Soal rencana vaksinasi 13 Januari, menurutnya sudah dikomunikasikan sebelumnya. Hal ini disampaikan baik oleh Badan Pengawas Obat Makanan dan dipertegas fatwa Majelis Ulama Indonesia . “Pemerintah tidak memiliki keleluasaan memilih vaksin Covid-19 mengingat keterbatasan vaksin yang tersedia, baik di Indonesia maupun di tingkat world,” pungkas Asrorun. “Ada kondisi kebutuhan yang mendesak atau hajat syariah di dalam konteks fiqih yang menduduki kedudukan darurat syari atau darurat syariah,” kata Asrorun. Status halal ini berlaku untuk vaksin COVID-19 buatan Sinovac Life Science Co Ltd China serta PT Bio Farma , yaitu CoronaVac, Vaccine Covid-19, dan Vac2Bio.

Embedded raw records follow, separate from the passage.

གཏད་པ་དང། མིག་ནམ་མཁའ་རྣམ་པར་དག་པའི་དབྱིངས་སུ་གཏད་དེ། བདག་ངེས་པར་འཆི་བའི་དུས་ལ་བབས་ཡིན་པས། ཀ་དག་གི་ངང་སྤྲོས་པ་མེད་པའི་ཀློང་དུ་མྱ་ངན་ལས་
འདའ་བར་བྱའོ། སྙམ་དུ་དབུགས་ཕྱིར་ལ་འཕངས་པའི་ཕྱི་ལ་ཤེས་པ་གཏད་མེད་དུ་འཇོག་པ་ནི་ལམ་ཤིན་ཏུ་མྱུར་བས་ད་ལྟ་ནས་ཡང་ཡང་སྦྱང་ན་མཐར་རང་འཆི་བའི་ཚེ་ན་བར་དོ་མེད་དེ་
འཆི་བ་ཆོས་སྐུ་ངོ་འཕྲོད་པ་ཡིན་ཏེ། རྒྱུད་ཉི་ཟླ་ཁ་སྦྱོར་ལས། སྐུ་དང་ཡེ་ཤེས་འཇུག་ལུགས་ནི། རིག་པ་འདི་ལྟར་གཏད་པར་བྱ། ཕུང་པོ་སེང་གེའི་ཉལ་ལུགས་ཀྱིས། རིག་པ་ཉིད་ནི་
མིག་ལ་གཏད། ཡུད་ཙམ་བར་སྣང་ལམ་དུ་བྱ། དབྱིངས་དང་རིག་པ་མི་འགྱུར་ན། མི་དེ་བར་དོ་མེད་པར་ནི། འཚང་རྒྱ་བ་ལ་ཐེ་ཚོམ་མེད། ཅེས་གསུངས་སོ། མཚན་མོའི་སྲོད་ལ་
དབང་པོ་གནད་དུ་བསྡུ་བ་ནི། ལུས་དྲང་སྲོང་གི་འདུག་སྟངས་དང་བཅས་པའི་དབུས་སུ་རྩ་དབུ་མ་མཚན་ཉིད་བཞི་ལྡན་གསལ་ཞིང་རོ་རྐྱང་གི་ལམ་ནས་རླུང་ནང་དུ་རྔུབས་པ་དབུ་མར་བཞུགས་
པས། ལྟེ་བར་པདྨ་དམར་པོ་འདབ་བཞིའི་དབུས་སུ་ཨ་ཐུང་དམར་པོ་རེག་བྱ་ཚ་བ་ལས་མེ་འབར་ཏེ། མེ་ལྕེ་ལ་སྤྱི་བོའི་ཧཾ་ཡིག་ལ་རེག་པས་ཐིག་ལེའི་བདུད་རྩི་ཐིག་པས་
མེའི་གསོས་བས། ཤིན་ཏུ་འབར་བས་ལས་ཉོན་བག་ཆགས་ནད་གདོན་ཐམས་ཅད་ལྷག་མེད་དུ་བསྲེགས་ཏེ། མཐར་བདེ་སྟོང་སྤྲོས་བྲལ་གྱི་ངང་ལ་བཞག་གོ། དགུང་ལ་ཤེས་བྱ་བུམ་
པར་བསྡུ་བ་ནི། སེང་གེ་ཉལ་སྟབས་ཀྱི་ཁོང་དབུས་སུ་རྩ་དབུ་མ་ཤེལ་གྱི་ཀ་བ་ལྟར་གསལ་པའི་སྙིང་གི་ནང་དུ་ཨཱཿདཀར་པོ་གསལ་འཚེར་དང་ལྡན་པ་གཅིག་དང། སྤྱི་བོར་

Oleh karenanya, pemerintah meminta MUI untuk melakukan kajian terhadap kehalalan vaksin Covid-19 . Dengan begitu, umat Islam tidak meragukan vaksin yang akan disuntikkan ke dalam tubuh mereka. CoronaVac atau Sinovac merupakan vaksin yang dikembangkan oleh perusahaan Tiongkok Sinovac. Sinovac merupakan vaksin virus corona pertama yang masuk dan mendapatkan izin penggunaan darurat Badan POM Indonesia. Sebelumnya, BPOM resmi menerbitkan izin penggunaan darurat atau emergency use authorization untuk vaksin virus corona Sinovac, Senin 11 Januari 2021. Dengan demikian, vaksin virus corona Sinovac telah mendapat izin untuk digunakan dalam vaksinasi.

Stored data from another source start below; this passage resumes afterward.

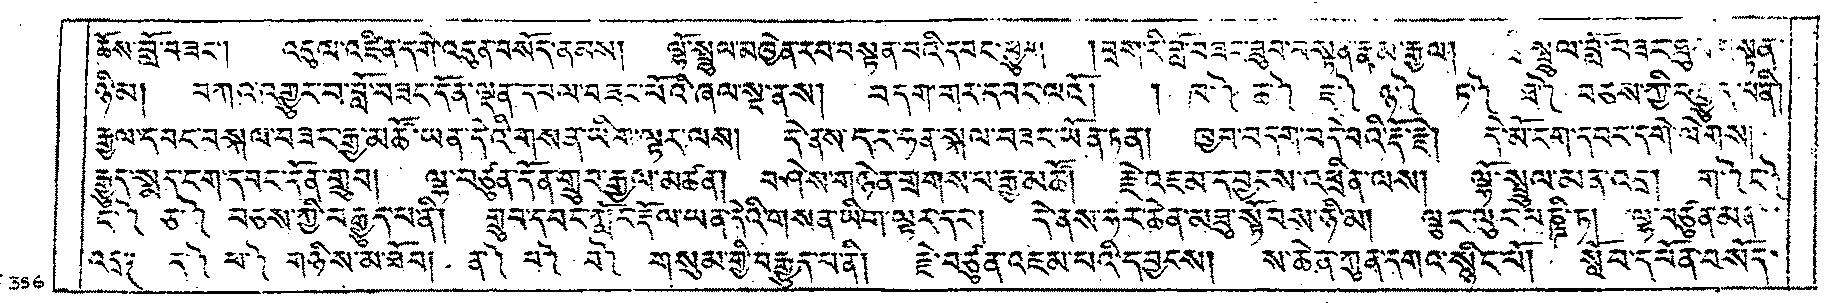ཆོས་བློ་བཟང་། འདུལ་འཛིན་དགེ་འདུན་བསོད་ནམས། ལྷོ་སྤྲུལ་མཁྱེན་རབ་བསྟན་པའི་དབང་ཕྱུག །བྲག་རི་བློ་བཟང་ཐུབ་བསྟན་རྣམ་རྒྱལ། ཁྲི་སྤྲུལ་བློ་བཟང་ཐུབ་བསྟན་
ཉི་མ། བཀའ་འགྱུར་བ་བློ་བཟང་དོན་ལྡན་དཔལ་བཟང་པོའི་ཞལ་སྔ་ནས། བདག་གར་དབང་ལའོ། །ཁ྄་ཆ྄་ཇ྄་ཉ྄་ཏ྄་ཐ྄་བཅས་ཀྱི་བརྒྱུད་པ་ནི།
རྒྱལ་དབང་བསྐལ་བཟང་རྒྱ་མཚོ་ཡན་དེའི་གསན་ཡིག་ལྟར་ལས། དེ་ནས་དར་ཧན་སྐལ་བཟང་ཡོན་ཏན། ཁྱབ་བདག་བདེ་བའི་རྡོ་རྗེ། དེ་མོ་ངག་དབང་དགེ་ལེགས།
རྒྱུད་སྨད་ངག་དབང་དོན་གྲུབ། ལྷ་བཙུན་དོན་གྲུབ་རྒྱལ་མཚན། བཤེས་གཉེན་གྲགས་པ་རྒྱ་མཚོ། རྗེ་འཇམ་དབྱངས་འཕྲིན་ལས། ལྷོ་སྤྲུལ་མན་འདྲ། ག྄་ང྄
ང྄་ཅ྄་བཅས་ཀྱི་བརྒྱུད་པ་ནི། གྲུབ་དབང་ཀློང་རྡོལ་ཡན་དེའི་གསན་ཡིག་ལྟར་དང་། དེ་ནས་ཧར་ཆེན་མཐུ་སྟོབས་ཉི་མ། ལྕང་ལུང་པཎྜི་ཏ། ལྷ་བཙུན་མན་
འདྲ༑ ད྄་ཕ྄་གཉིས་མ་ཐོབ། ན྄་པ྄་བ྄་གསུམ་གྱི་བརྒྱུད་པ་ནི། རྗེ་བཙུན་འཇམ་པའི་དབྱངས། ས་ཆེན་ཀུན་དགའ་སྙིང་པོ། སློབ་དཔོན་བསོད་

Pihak MUI menyebutkan setidaknya ada 3 hal penting yang harus diperhatikan untuk menentukan bahwa suatu produk dinyatakan halal. Pemerintah di sejumlah negara telah mengambil langkah-langkah untuk mengatasi masalah tersebut. Di Malaysia, di mana status kehalalan vaksin teridentifikasi sebagai masalah besar di kalangan orang tua muslim, undang-undang yang lebih ketat telah diberlakukan sehingga orang tua harus memvaksinasi anak-anak mereka atau menghadapi denda dan hukuman penjara. Secara rinci, ada empat standar halal MUI untuk produk pangan, obat, dan kosmetik. Pertama, tidak memanfaatkan (intifa’) babi atau bahan yang tercemar babi dan turunannya. Dokumen itu diterima secara lengkap oleh tim MUI pada Selasa (05/01) melalui surat elektronik.

Apakah vaksin covid halal

Meski demikian, Fatwa MUI No. 14 tahun 2021 tetap membolehkan penggunaannya dgn alasan darurat. Pertama ketelusuran yakni untuk mengetahui apakah produk memakai bahan-bahan yang halal dan diproduksi dengan fasilitas yang terbebas dari kontaminasi yang menyebabkan produk menjadi tidak halal. Kedua, harus memiliki sistem jaminan halal yakni perusahaan harus memiliki komitmen yang kuat untuk menggunakan bahan, proses, fasilitas, dan prosedur yang memastikan bahwa produk yang di produksi terjamin kehalalannya. Kemudian yang ketiga, otentikasi yang dibuktikan dengan uji laboratorium untuk tidak ada kontaminasi maupun kepalsuan, sehingga dapat dibuktikan kehalalannya. Dilansir dari situs resmi MUI, Komisi Fatwa MUI menerbitkan Fatwa Nomor 02 Tahun 2021 tentang vaksin virus corona produksi Sinovac dan Biofarma, Senin (11/1). Fatwa ini mengikat pada tiga vaksin virus corona buatan Sinovac Life Science Co Ltd China dan PT Bio Farma yaitu CoronaVac, Vaksin Covid-19, dan Vac2Bio.

“Meski jujur, serangan jantung, stroke dan lain-lain dapat datang kapan saja tanpa memberitahu lebih dahulu. Bahkan, orang sedang memberi ceramah agama saja bisa meninggal dunia tiba-tiba,” ujar dia. “Tidak ada seorang pun dari 27 kasus yang meninggal dunia disebabkan oleh vaksinasi . Setelah dilakukan causality assessment, penyebabnya adalah penyakit jantung, stroke, kelainan ginjal akut, diabetes mellitus, hingga tekanan darah tinggi ,” ujar Ketua Komnas KIPI Hindra Irawan Satari saat dihubungi Republika, Jumat (21/5). “Ada sebanyak 23 orang yang hadir, 20 orang berhasil di vaksin dan 3 orang gagal dikarenakan mempunyai riwayat hipertensi dan kanker,” pungkas Peltu Zaenal Arifin.